** Instructions for the task **
Report, from the records below, every line where the word "query" appears.

+ + + +

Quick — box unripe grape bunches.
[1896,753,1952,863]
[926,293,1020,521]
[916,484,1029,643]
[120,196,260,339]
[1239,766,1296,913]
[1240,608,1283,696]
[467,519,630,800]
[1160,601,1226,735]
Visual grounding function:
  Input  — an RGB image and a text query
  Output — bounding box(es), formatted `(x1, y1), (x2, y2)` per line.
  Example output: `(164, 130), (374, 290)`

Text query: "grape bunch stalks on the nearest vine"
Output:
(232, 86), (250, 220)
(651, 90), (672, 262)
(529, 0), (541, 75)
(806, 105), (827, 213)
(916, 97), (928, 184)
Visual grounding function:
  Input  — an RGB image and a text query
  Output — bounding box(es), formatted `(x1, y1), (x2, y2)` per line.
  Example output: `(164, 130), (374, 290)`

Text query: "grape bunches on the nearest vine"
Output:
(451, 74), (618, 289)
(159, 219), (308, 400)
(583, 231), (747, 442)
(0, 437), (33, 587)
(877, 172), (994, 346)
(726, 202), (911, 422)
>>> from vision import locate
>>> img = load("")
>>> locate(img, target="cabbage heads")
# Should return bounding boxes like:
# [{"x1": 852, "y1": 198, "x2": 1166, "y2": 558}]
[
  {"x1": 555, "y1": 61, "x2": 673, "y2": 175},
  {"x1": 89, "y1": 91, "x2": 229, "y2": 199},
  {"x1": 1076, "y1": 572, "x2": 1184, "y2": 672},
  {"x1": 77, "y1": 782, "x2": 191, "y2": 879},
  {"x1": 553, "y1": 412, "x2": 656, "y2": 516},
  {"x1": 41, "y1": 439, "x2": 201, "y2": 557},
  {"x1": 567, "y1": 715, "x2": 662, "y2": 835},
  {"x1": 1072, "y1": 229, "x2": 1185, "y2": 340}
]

+ + + +

** Output **
  Input  — an RGB image and a text query
Text query: "grape bunch stalks on the nearest vine"
  Input  — an RGB image and a text query
Text query: "grape bunches on the nearest vine"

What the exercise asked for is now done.